## Records drawn from a dataset

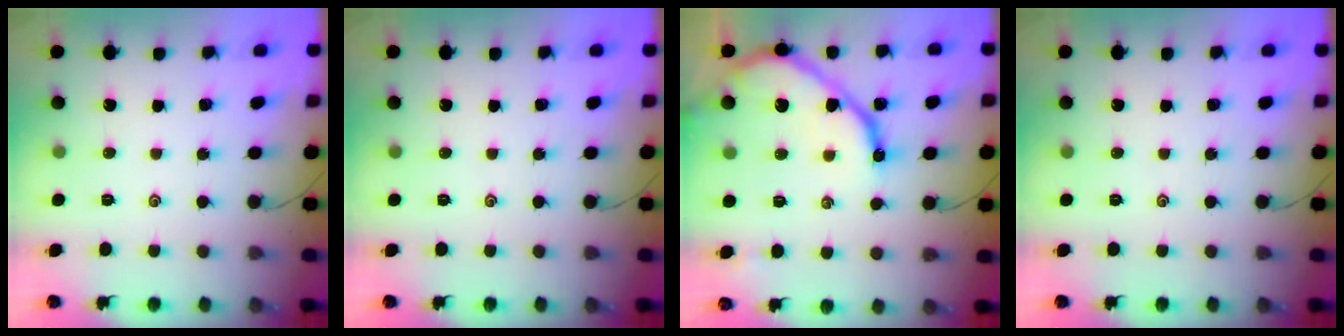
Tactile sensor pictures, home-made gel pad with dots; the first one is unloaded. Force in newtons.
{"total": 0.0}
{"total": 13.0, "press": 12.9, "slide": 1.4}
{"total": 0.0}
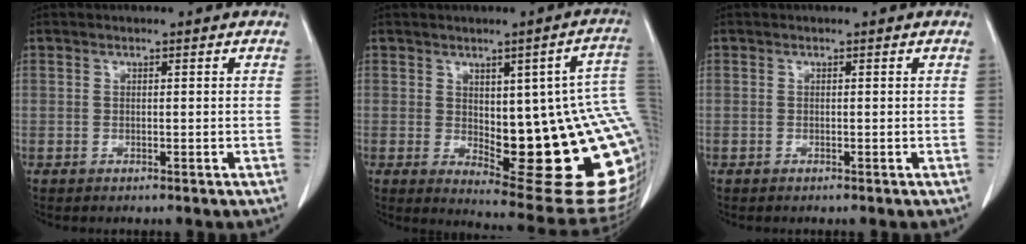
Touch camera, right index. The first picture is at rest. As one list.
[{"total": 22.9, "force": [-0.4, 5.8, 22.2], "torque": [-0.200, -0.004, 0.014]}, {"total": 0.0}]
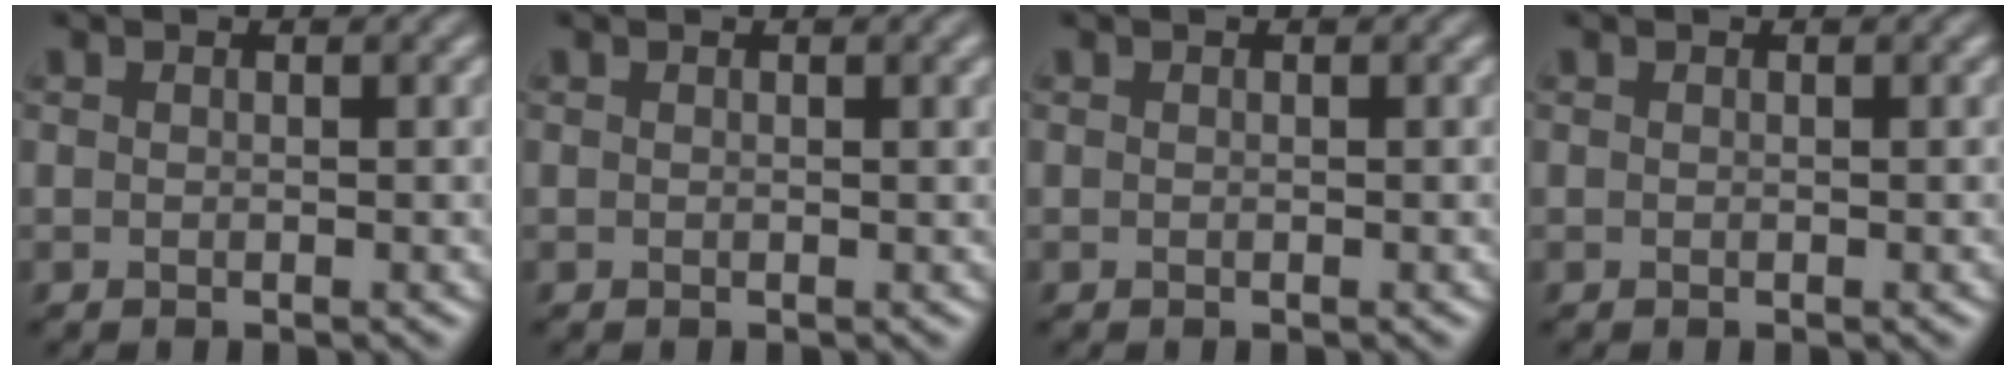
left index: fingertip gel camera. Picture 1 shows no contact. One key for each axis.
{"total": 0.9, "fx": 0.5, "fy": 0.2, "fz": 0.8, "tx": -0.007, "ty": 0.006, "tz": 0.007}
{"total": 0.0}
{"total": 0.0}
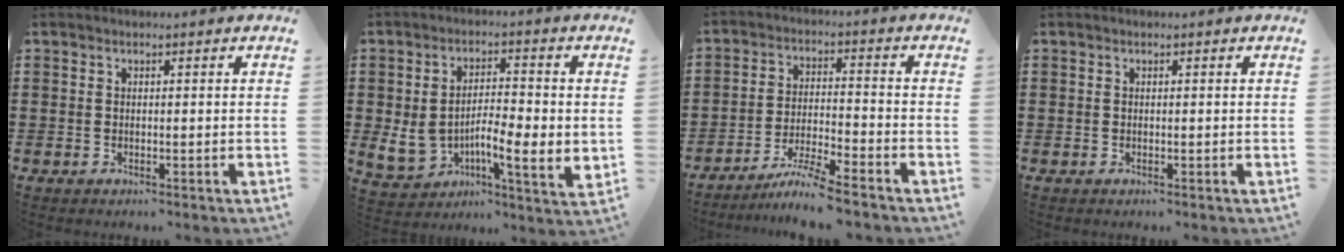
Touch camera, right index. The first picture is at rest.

## Exercise details
Write out all the records exactly, omitting the images.

## Finished exercise
Tactile sensor pictures, home-made gel pad with dots; the first one is unloaded. Force in newtons.
{"total": 0.0}
{"total": 13.0, "press": 12.9, "slide": 1.4}
{"total": 0.0}
Touch camera, right index. The first picture is at rest. As one list.
[{"total": 22.9, "force": [-0.4, 5.8, 22.2], "torque": [-0.200, -0.004, 0.014]}, {"total": 0.0}]
left index: fingertip gel camera. Picture 1 shows no contact. One key for each axis.
{"total": 0.9, "fx": 0.5, "fy": 0.2, "fz": 0.8, "tx": -0.007, "ty": 0.006, "tz": 0.007}
{"total": 0.0}
{"total": 0.0}
Touch camera, right index. The first picture is at rest.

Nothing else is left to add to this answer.